Crimson Clupeidae says
Even in the non-academic world of corporate training, this can be an issue (not idolizing, but instructors trying to sleep with their students).
It got to be enough of an issue at one point when my wife was working as the head of the training department, that she told her soon-to-be instructors that they could sleep with the students, but if they did, they had to sleep with all of them. 😀
Ophelia Benson says
lol
Ophelia Benson says
I’m pleased to learn that McGinn’s book was so bad. Does that make me a bad person?
Nah.
Jeez, screechy, that’s horrible.
Blake Stacey says
Quoting some passages from the aforelinked review:
Ouch.
My impressions are in accord with this assessment, right down the line. The foremost question on the reviewer’s mind is how McGinn got his book published, and by Oxford University Press of all places. The conclusion is not cheerful:
Improbable Joe, bearer of the Official SpokesGuitar says
And, as always… the underlying complaint about addressing this issue is that some men (NOT ALL MEN!!!) rebel against the very notion that somewhere, somehow, in some situation no matter how narrowly limited, some women are off-limits to their sexual advances. That’s pretty much the entire issue in a nutshell. They’re literally saying that even though there are likely hundreds of thousands of women who are single, looking for relationships, within an appropriate age group, and NOT under their direct supervision within a few hours drive of most major universities, professors HAVE TO HAVE SEXUAL ACCESS TO THE GRAD STUDENTS THEY SUPERVISE OR ELSE NEVER HAVE SEX AGAIN, LEADING TO THE END OF HUMANITY!!!!!!

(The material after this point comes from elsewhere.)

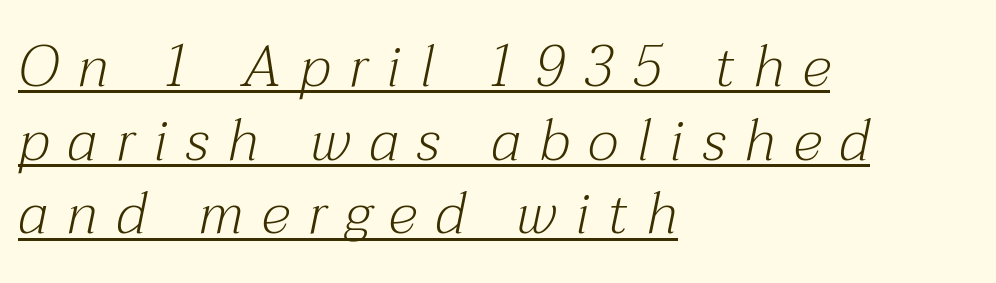
{"serif": "yes", "italic": "yes", "lean": "right", "slant_degrees": 12, "bold": "no", "weight": "light", "width": "normal", "stroke_contrast": "medium", "x_height": "medium", "monospaced": "no", "underline": "yes", "align": "left", "line_spacing": "normal", "line_spacing_ratio": 1.27, "letter_spacing": "wide", "letter_spacing_em": 0.32, "glyph_px": 58}

sc_770d159609e0f8deaa72849e3731a29d says
If philosophy, which surely ought to involve proportionality and rationality, does involve “a huge amount of fandom and hero-worship”, surely there’s something wrong with the way it’s taught and practiced.
palmettobug says
I remember a long time ago naïvely wondering why women didn’t choose certain fields. I’ve since learned that, with almost perfect regularity, when there’s smoke, there’s fire. Lack of women’s participation almost always points to either harassment or misogyny or both.
njuhgnya says
RE: “sleeping with [all of the students]”, academic sleepovers sound awesome!
johnthedrunkard says
Why does it continue? Perhaps because ‘normal’ relationships between men and women are not very different from the exploitative, power-imbalanced, coercive, commercialized pattern.